A traveling beadwork exhibition underlines the radical possibilities of art as activism.

In 2002, the Algonquin artist Nadia Myre wrote, “Beading is political, whether it’s simply the personal contribution to an age-old continuum or consciously reworking loaded imagery. I really do see beading as an act of silent resistance.”

Jamie Okuma (Luiseno/Shoshone-Bannock’Wailaki/Okinawan), Elk Beaded Boots, 2017, antique glass, steel, brass and aluminum on re-appropriated Commercial Boots by Giuseppe Zanotti. Collection of Ellen and Bill Taubman. Photo by: Don Hall, Courtesy of the MacKenzie Art Gallery.

That year, she exhibited the 56 pages of the Canadian government’s Indian Act which she and 230 of her compatriots beaded over with red beads—white beads replacing each word. Passed in 1876, the act was an attempt to assimilate First Peoples into non-Indigenous society.

Beautiful and decorative Indigenous beadwork as social commentary is the subject of the exhibition Radical Stitch being shown at the Art Gallery of Hamilton in Ontario, Canada, through May 28. It was organized by the Mackenzie Art Gallery in Regina, Saskatchewan.

Justine Gustafson (Ojibwe), Let’s Heal Together, 2020, felt, satin, seed beads, metal clasp, smoked deer hide, brass sequins. Collection of the Artist. Photo by: Don Hall, Courtesy of the MacKenzie Art Gallery.

The museums explain, “Beading is one of the defining mediums of contemporary Indigenous art on this continent, and this landmark exhibition will bring much-needed critical attention to the breadth and impact of this practice.

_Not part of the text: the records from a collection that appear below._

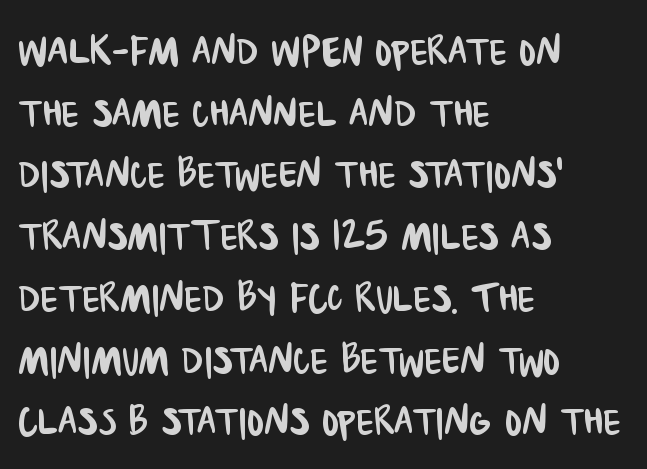
Q: Is the typeface a serif or a sans-serif typeface? A: Sans-serif.
Q: Is the text underlined? A: No.
Q: How is the paragraph aligned? A: Left-aligned.
Q: Is the spacing between letters normal or unusually wide? A: Normal.
Q: Width (condensed, normal, or wide)? A: Condensed.
Q: Stroke contrast? A: Low.
Q: x-height? A: Large.
Q: Monospaced? A: No.
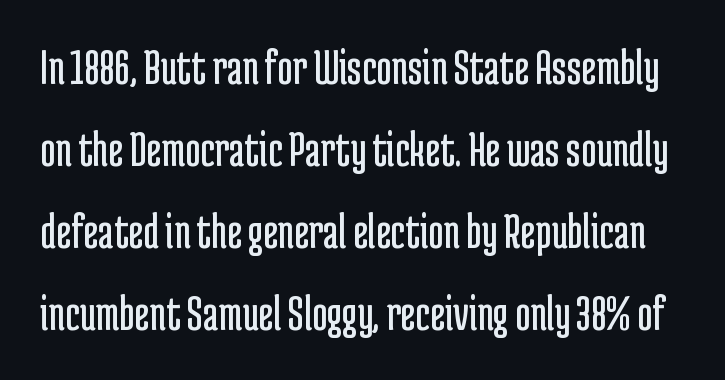
The image shows 52 px regular-weight, condensed sans-serif type, upright; set normal line spacing (1.58x), normal letter spacing, not underlined; low stroke contrast and a medium x-height.
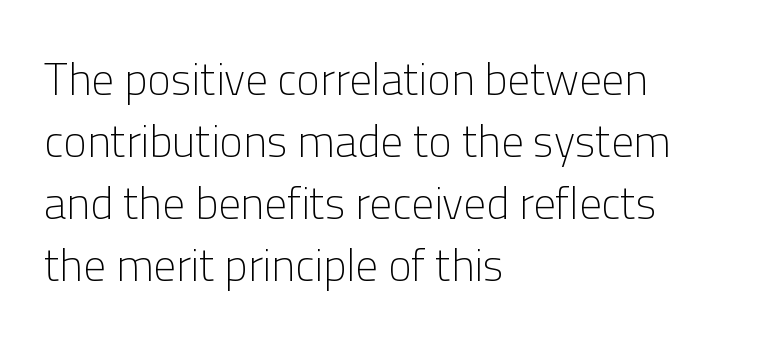
The image shows 45 px light sans-serif type, upright; set left-aligned, normal line spacing (1.38x), normal letter spacing, not underlined; low stroke contrast and a medium x-height.
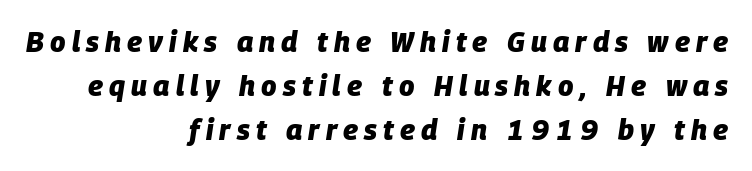
Every row of glyphs terminates at an identical x-position on the right. If you drew a line through each stem, it would be angled. The passage shown stacks its lines at a standard gap. Character widths vary here, with narrow letters taking less room than wide ones.
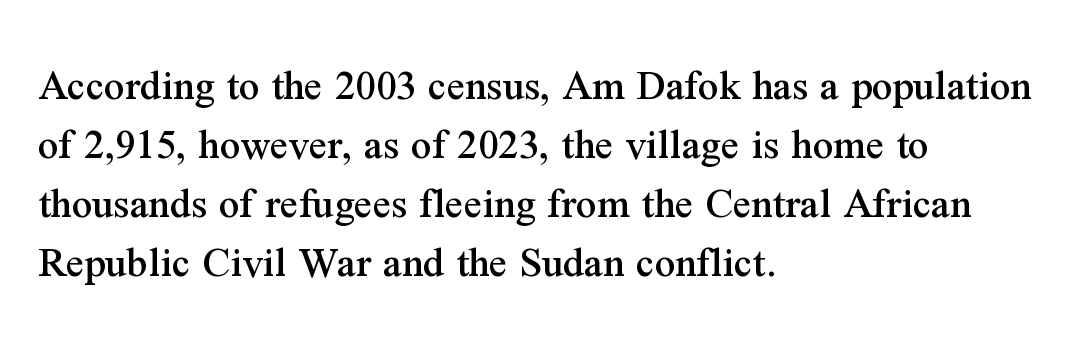
Q: Is the text italic (slanted)? A: No, it is upright.
Q: Is the typeface a serif or a sans-serif typeface? A: Serif.
Q: Is the text underlined? A: No.
Q: How is the paragraph aligned? A: Left-aligned.
Q: Is the spacing between letters normal or unusually wide? A: Normal.
Q: Is the spacing between lines tight, normal or loose? A: Normal.
Q: Width (condensed, normal, or wide)? A: Normal.
Q: Stroke contrast? A: Medium.
Q: x-height? A: Medium.
Q: Monospaced? A: No.
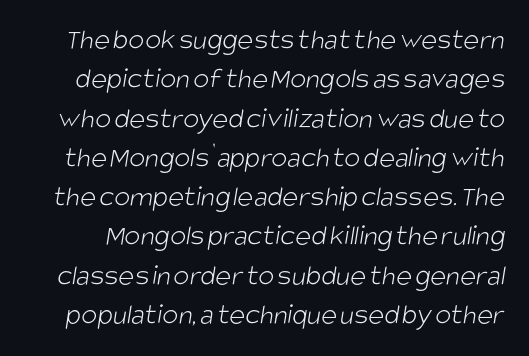
The image shows 30 px light, condensed sans-serif type; set normal line spacing (1.31x), normal letter spacing, not underlined; low stroke contrast and a large x-height.
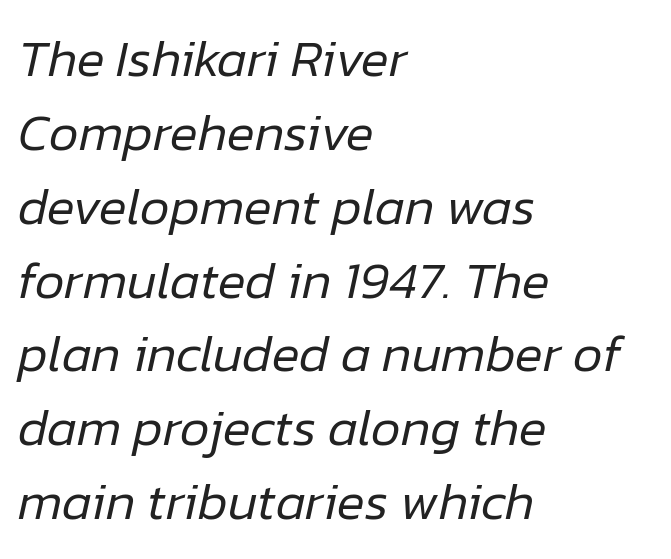
Q: Is the text bold? A: No.
Q: Is the text italic (slanted)? A: Yes, it leans right by about 12 degrees.
Q: Is the text underlined? A: No.
Q: How is the paragraph aligned? A: Left-aligned.
Q: Is the spacing between letters normal or unusually wide? A: Normal.
Q: Is the spacing between lines tight, normal or loose? A: Normal.
Q: Width (condensed, normal, or wide)? A: Normal.
Q: Stroke contrast? A: Low.
Q: x-height? A: Medium.
Q: Monospaced? A: No.

“Radical Stitch looks at the contemporary and transformative context of beading through the aesthetic innovations of artists and the tactile beauty of beads,” the museum notes. “Beading materials and techniques are rooted in both culturally informed traditions and cultural adaptation, and function as a place of encounter, knowledge transfer and acts of resistance. Connecting to a tradition of making, exercised over thousands of years, this skill-based practice ties one artist to another, past to present and beyond. The exhibition includes a range of work from the customary to the contemporary, with a variety of approaches, concepts and purposes. Gathering together top artists from across North America/Turtle Island, the selected pieces exemplify current and future directions of some of the most exciting and impressive practices. The works in Radical Stitch invite viewers to immerse themselves in the political, creative and aesthetic dimensions of beadwork.”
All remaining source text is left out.